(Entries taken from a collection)
● ● ● ● ●

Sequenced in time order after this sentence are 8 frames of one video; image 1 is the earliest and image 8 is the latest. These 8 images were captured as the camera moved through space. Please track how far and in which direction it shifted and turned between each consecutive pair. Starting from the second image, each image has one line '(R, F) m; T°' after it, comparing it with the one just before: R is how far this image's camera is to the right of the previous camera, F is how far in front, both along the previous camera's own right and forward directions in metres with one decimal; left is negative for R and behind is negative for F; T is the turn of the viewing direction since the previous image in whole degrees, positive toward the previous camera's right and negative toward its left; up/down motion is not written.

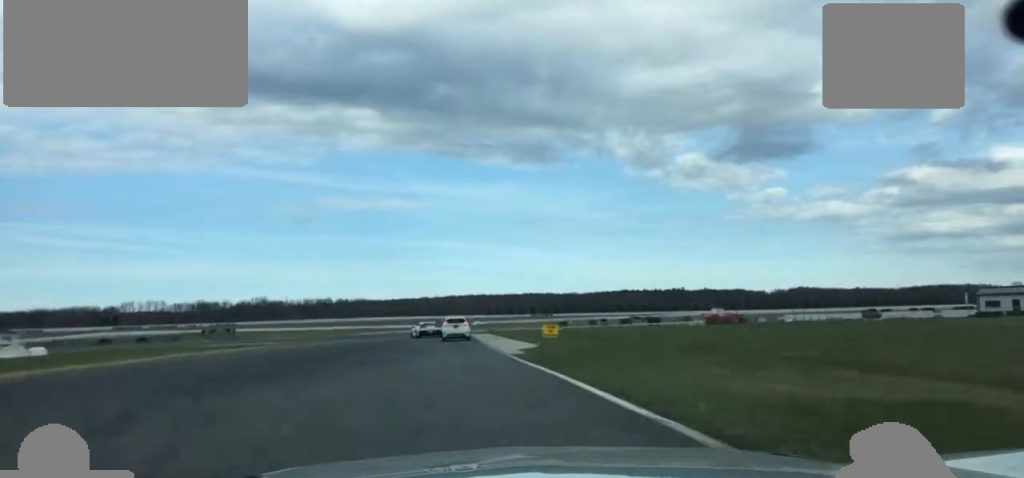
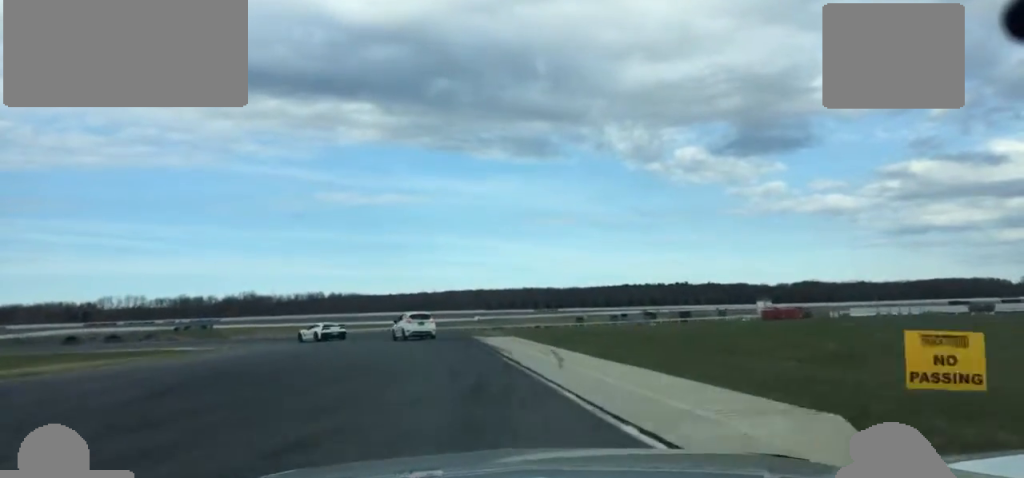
(0.0, +27.1) m; -1°
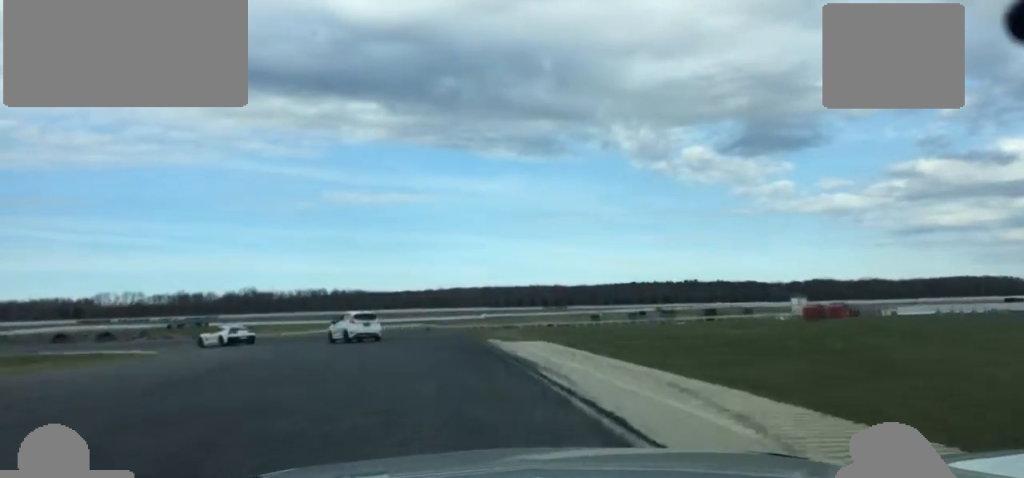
(+0.4, +12.3) m; -2°
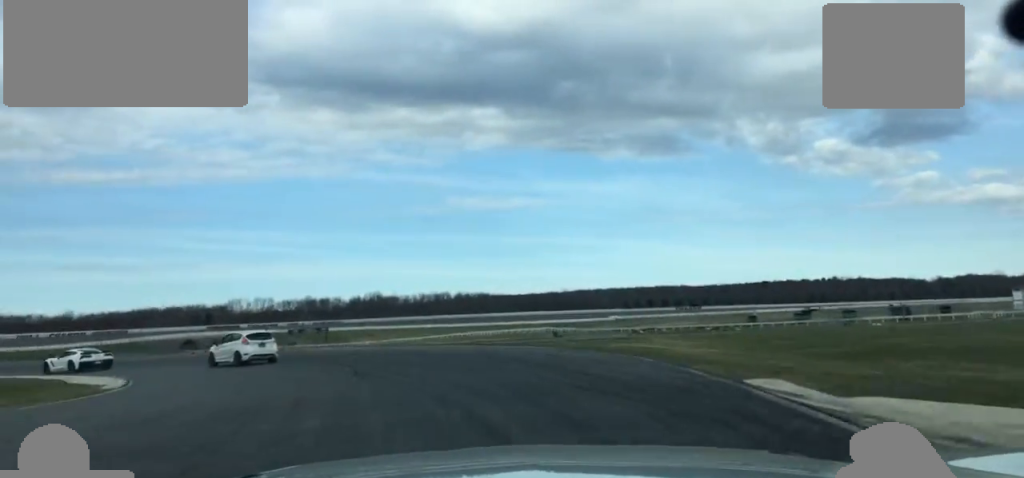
(-1.3, +22.8) m; -7°
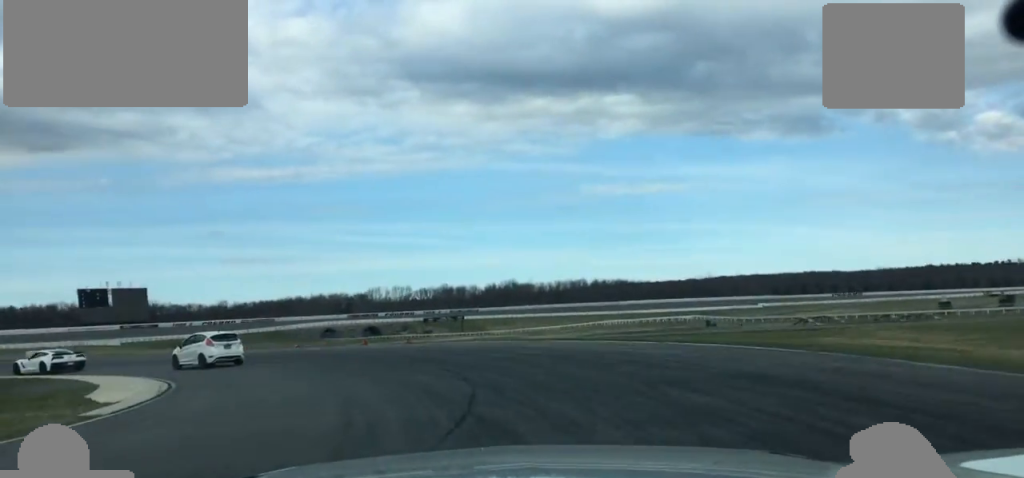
(-0.3, +12.6) m; -6°
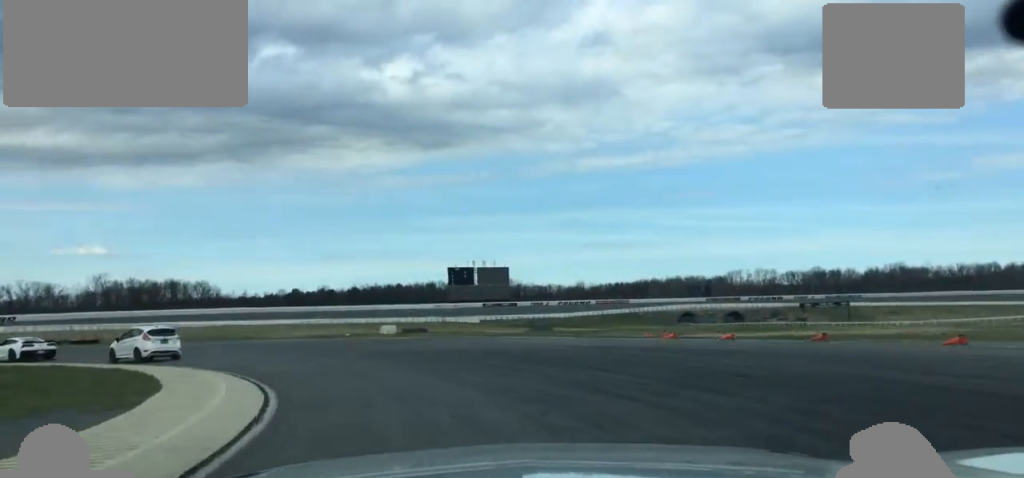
(-4.1, +25.1) m; -27°
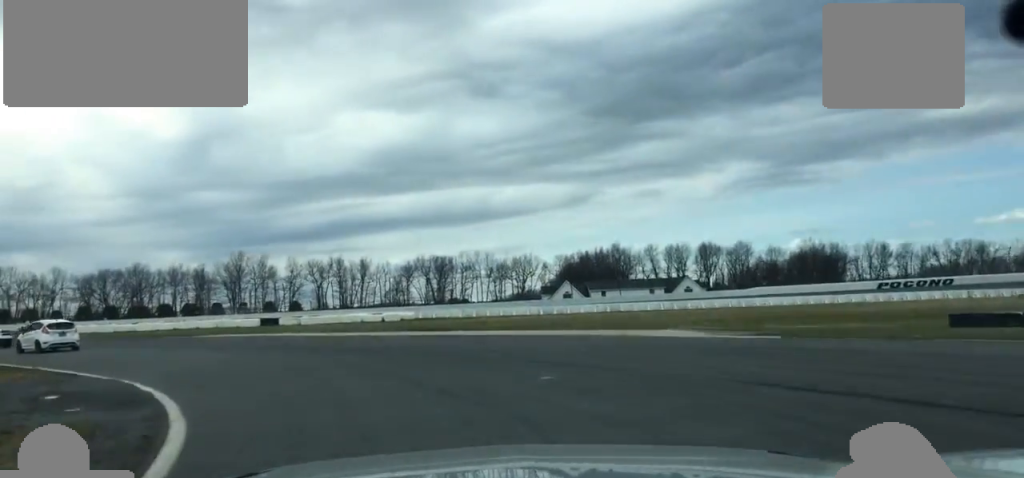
(-25.7, +51.2) m; -56°
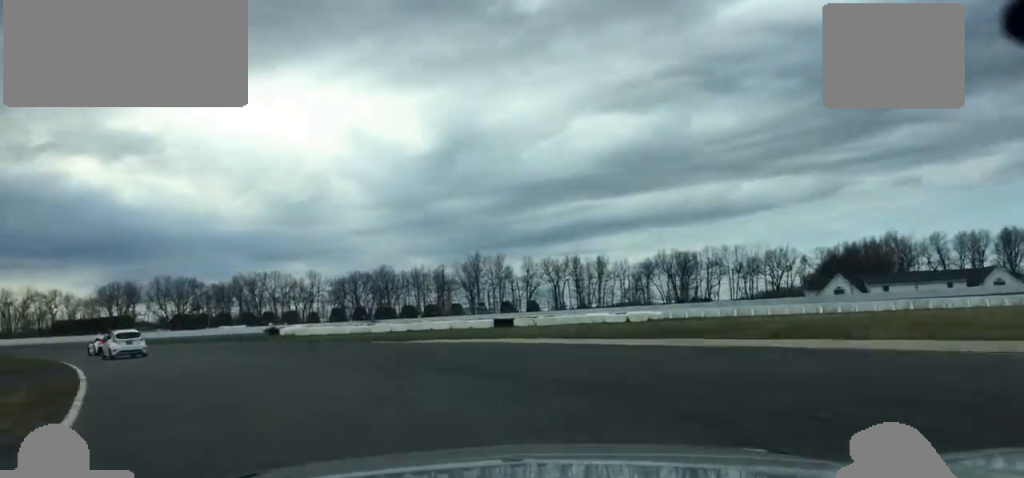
(-4.1, +14.3) m; -16°
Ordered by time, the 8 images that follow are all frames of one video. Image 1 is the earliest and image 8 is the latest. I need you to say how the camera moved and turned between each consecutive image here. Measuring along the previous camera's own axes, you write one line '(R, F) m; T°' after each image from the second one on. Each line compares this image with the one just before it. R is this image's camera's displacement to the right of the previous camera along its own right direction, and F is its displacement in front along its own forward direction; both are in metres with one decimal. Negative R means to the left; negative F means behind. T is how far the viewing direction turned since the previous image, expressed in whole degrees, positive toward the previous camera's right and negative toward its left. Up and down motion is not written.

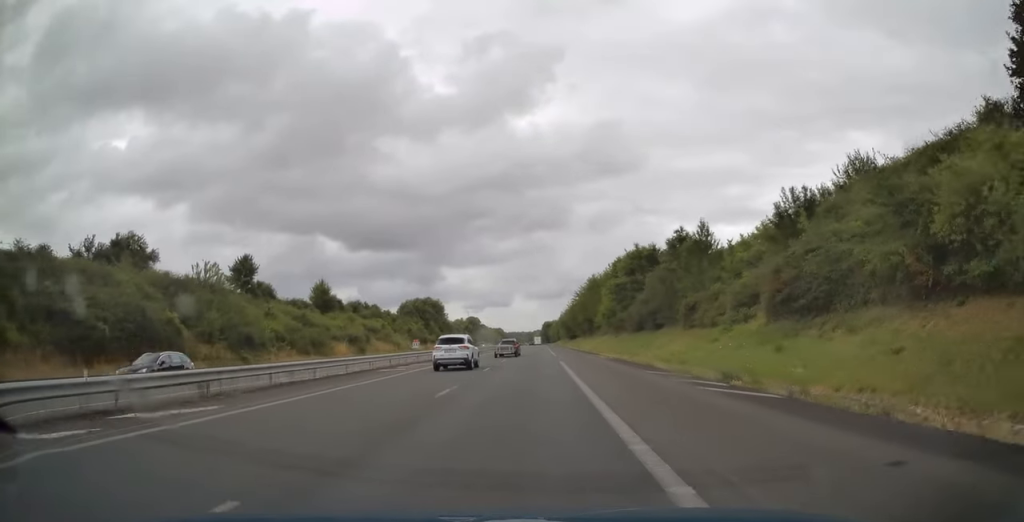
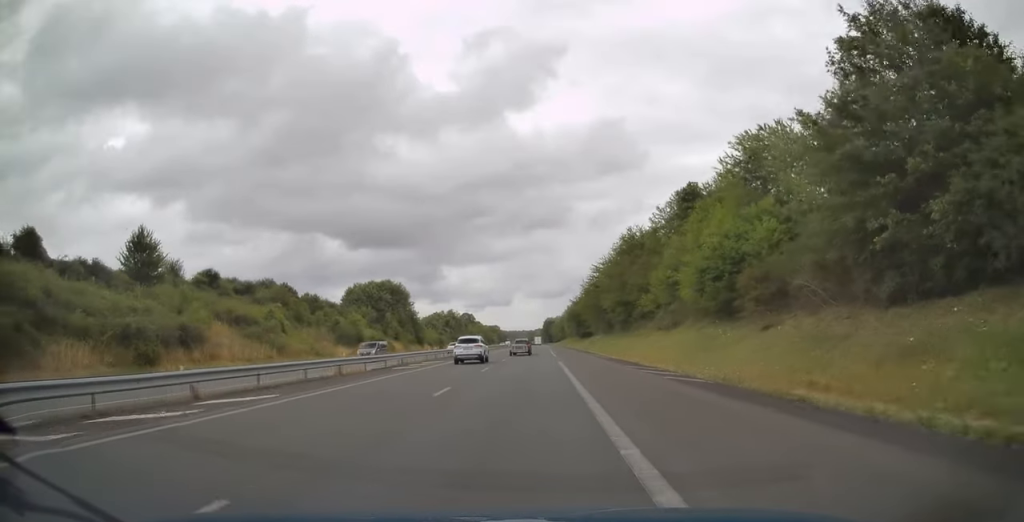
(+0.1, +52.5) m; 0°
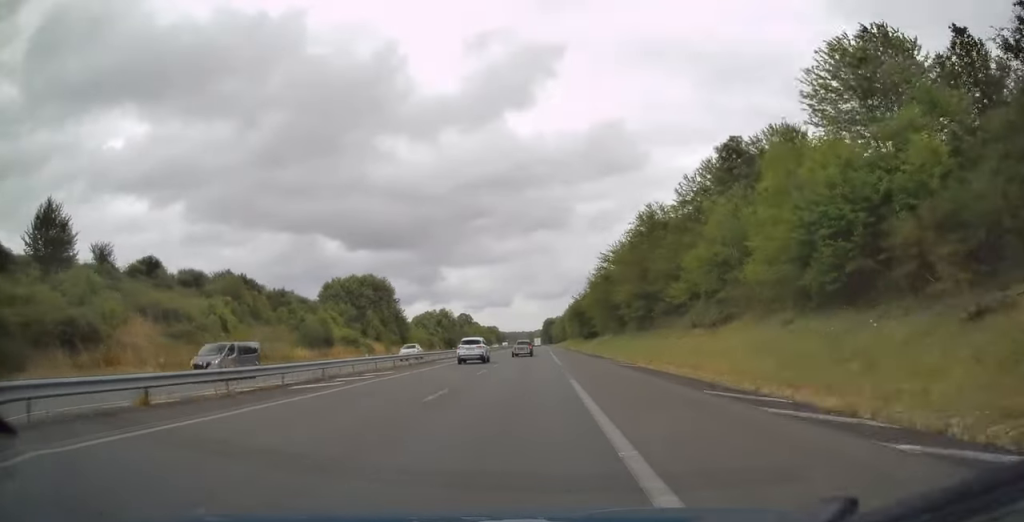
(0.0, +13.9) m; 0°
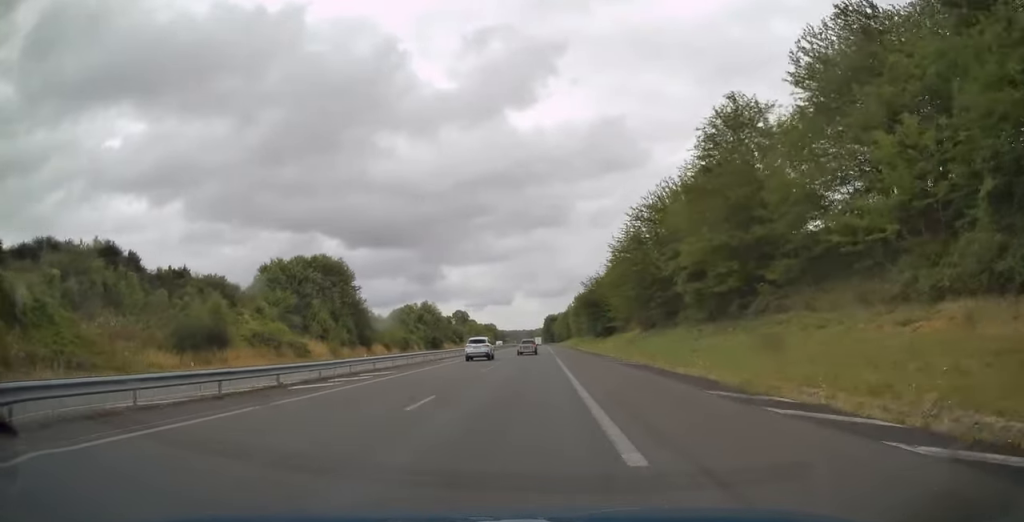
(-0.1, +28.4) m; 0°
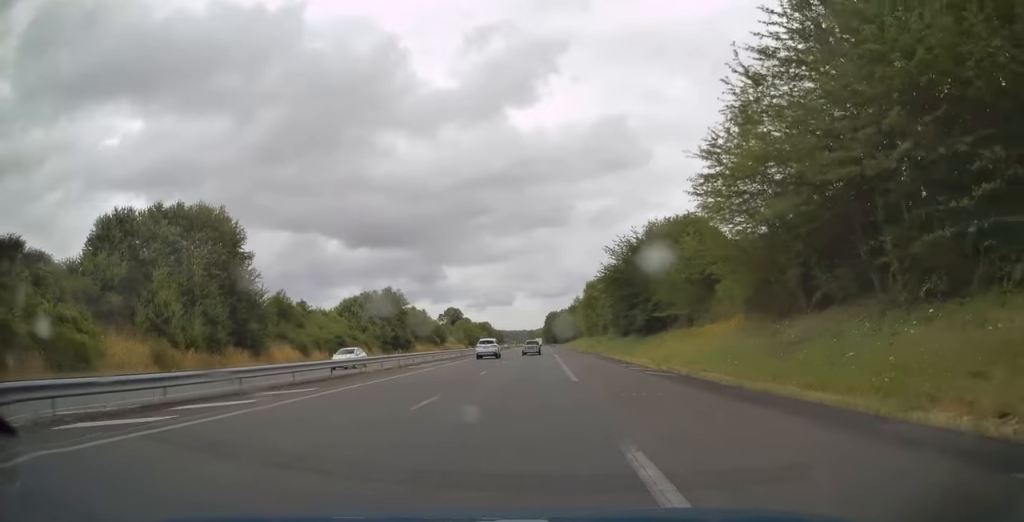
(0.0, +38.8) m; 0°
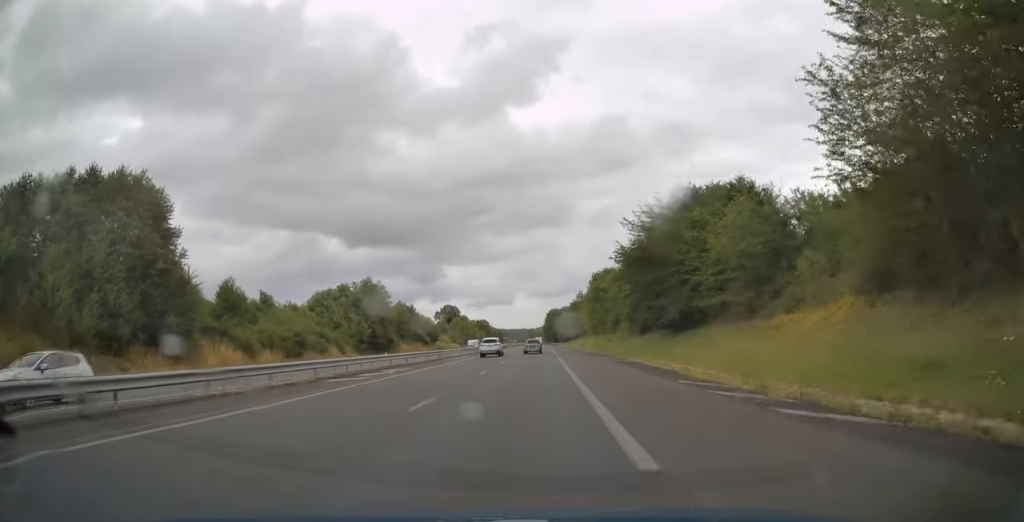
(+0.1, +14.0) m; 0°
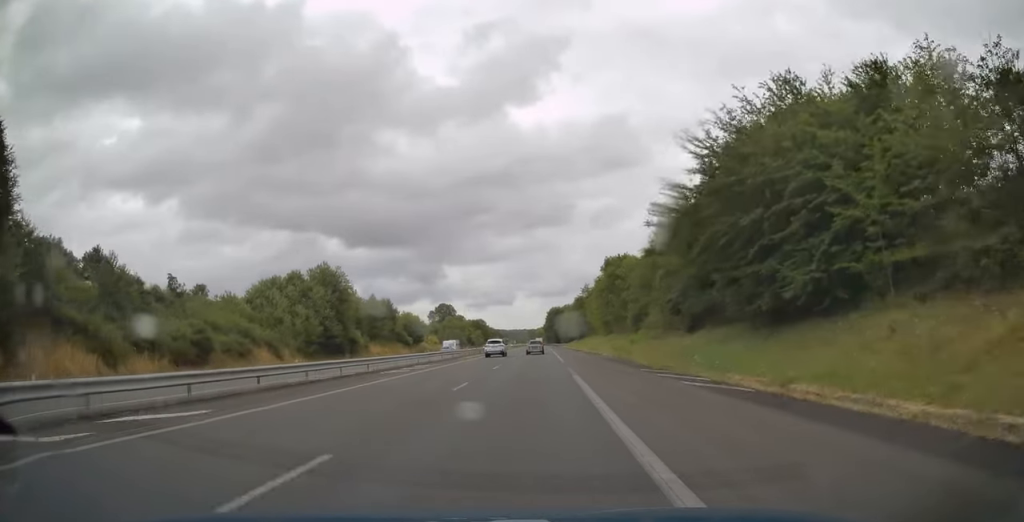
(-0.1, +21.0) m; 0°
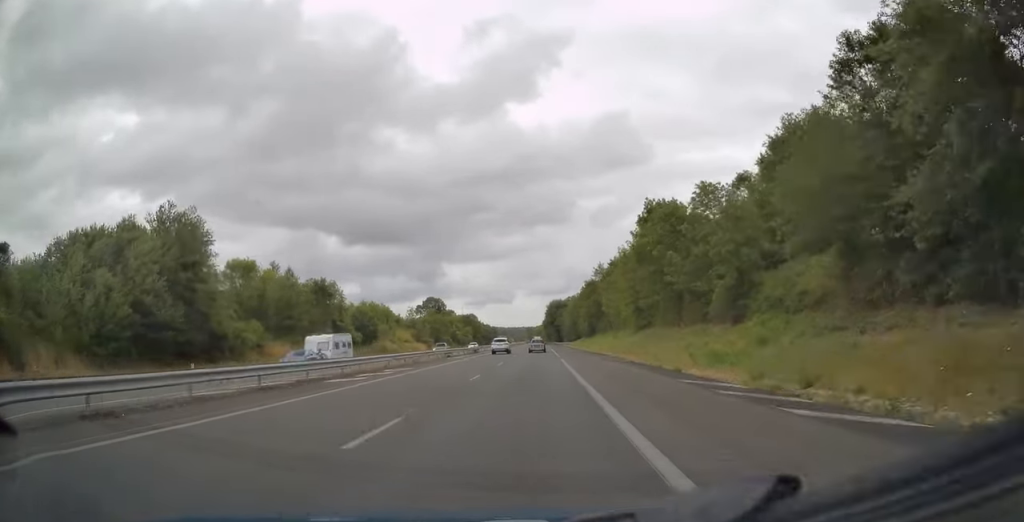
(-0.1, +36.1) m; 0°

● ● ● ● ●

# Prompt:
In your copy, restate the data above word for word but leave out any picture.

# Answer space:
Sequenced in time order after this sentence are 8 frames of one video; image 1 is the earliest and image 8 is the latest. These 8 images were captured as the camera moved through space. Please track how far and in which direction it shifted and turned between each consecutive pair. Starting from the second image, each image has one line '(R, F) m; T°' after it, comparing it with the one just before: R is how far this image's camera is to the right of the previous camera, F is how far in front, both along the previous camera's own right and forward directions in metres with one decimal; left is negative for R and behind is negative for F; T is the turn of the viewing direction since the previous image in whole degrees, positive toward the previous camera's right and negative toward its left; up/down motion is not written.

(0.0, +27.1) m; -1°
(+0.4, +12.3) m; -2°
(-1.3, +22.8) m; -7°
(-0.3, +12.6) m; -6°
(-4.1, +25.1) m; -27°
(-25.7, +51.2) m; -56°
(-4.1, +14.3) m; -16°
Ordered by time, the 8 images that follow are all frames of one video. Image 1 is the earliest and image 8 is the latest. I need you to say how the camera moved and turned between each consecutive image here. Measuring along the previous camera's own axes, you write one line '(R, F) m; T°' after each image from the second one on. Each line compares this image with the one just before it. R is this image's camera's displacement to the right of the previous camera along its own right direction, and F is its displacement in front along its own forward direction; both are in metres with one decimal. Negative R means to the left; negative F means behind. T is how far the viewing direction turned since the previous image, expressed in whole degrees, positive toward the previous camera's right and negative toward its left. Up and down motion is not written.

(+0.1, +52.5) m; 0°
(0.0, +13.9) m; 0°
(-0.1, +28.4) m; 0°
(0.0, +38.8) m; 0°
(+0.1, +14.0) m; 0°
(-0.1, +21.0) m; 0°
(-0.1, +36.1) m; 0°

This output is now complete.